Но немка смотрела на меня такими кроткими, добрыми и ясными, почти детскими глазами, что о каком тут «цинизме» могла быть речь!
Просто она выучилась русскому языку в каторге и называла, как все каторжанки, вещи своими именами.
— Ваше высокое благородие! Скашите, чтоб меня хоть на шас отпустили. Один шас!
И так потянулись бы для Шаповаловой долгие, бесконечные дни одиночества: в женской тюрьме никто не живёт.
Приведут разве поселенку.
— Тебя за что в тюрьму?
— Сожителя пришила.
— Как пришила?
— Взяла да задавила.
— За что же?
— А на кой он мне чёрт сдался?! Я промышляй, а он пропивать будет!
— Да ты бы на него начальству пожаловалась!
— Вот ещё, из-за таких пустяков начальство беспокоить…
— Что ж теперь с тобой будет?
— А что будет! Будут судить и покеда в тюрьме держать. А потом каторги прибавят и опять кому-нибудь в сожительницы отдадут. А ты за что сидишь?

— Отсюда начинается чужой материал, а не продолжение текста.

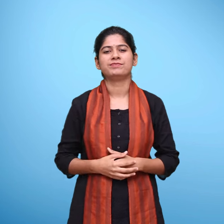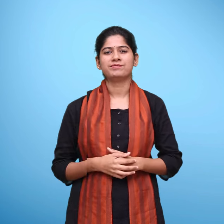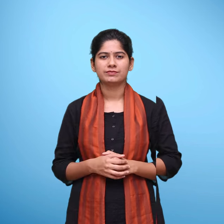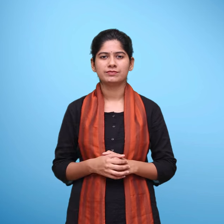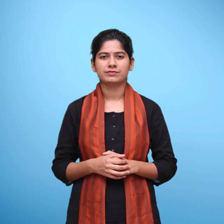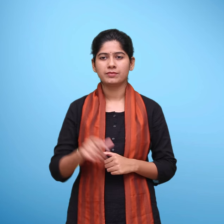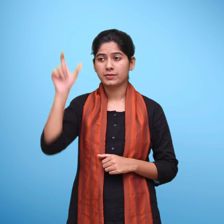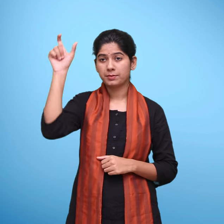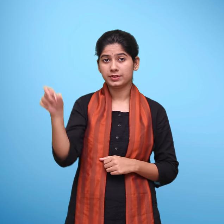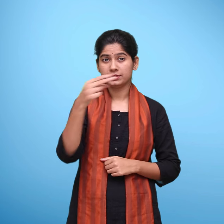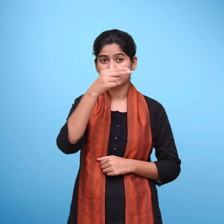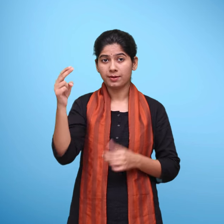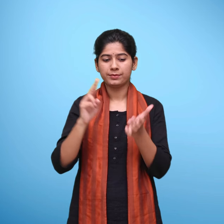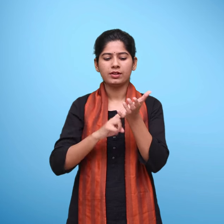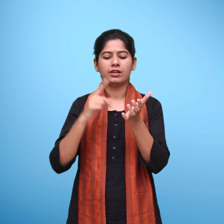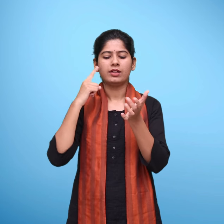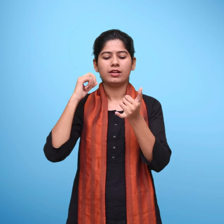निशा बुटोलिया

— Я не хочу в сожительницы идти.
— Дура! Ну, и сиди в тюрьме на пустой баланде, покеда не скажешь: «К сожителю идти согласна!» Скажешь, брат! Небось!
Неволить идти к сожителю не неволят теперь, но человеку предоставляется выбор: свобода или тюрьма.
Трудно, конечно, думать, чтобы Шаповалова «заупрямилась». Никто не упрямится.
И вот Шаповалова у поселенца, с которым она столковалась.
Входит в его пустую, совершенно пустую избу.
«Сборный человек» вдруг весь разбирается по частям; сапоги с набором отдаёт одному соседу, поддёвку — другому, кожаный картуз — третьему.
И перед ней на лавке сидит оборвыш.
— Ну-с, сожительница наша милейшая, теперича вы на фарт идите!
— На какой фарт?
— А к господину Ивану Ивановичу. Вы это поскорей платочек и фартучек одевайте. Потому господин Иван Иванович ждать не будут. Живо ему другой кто свою сожительницу подстроит. А жрать нам надоть.
— Да что ж это я на тебя работать буду?
— Это уж как на Сакалине водится. Положение. Для того и сожительниц берём. Да вы, впрочем, не извольте беспокоиться. Я на ваши деньги играну, такой куш выиграю, — барыней ходить будете. А теперича извольте отправляться.
— Да ведь я там, в России, за это же за самое мужа, что меня продать хотел,[4] задушила!
— Хе-хе! Там Рассея! Порядок другой. А здесь, — что же-с! Ну, и задушите! Другой такой же сожитель будет. Всё единственно. Потому сказано — каторжные работы. Пожалуйте-с!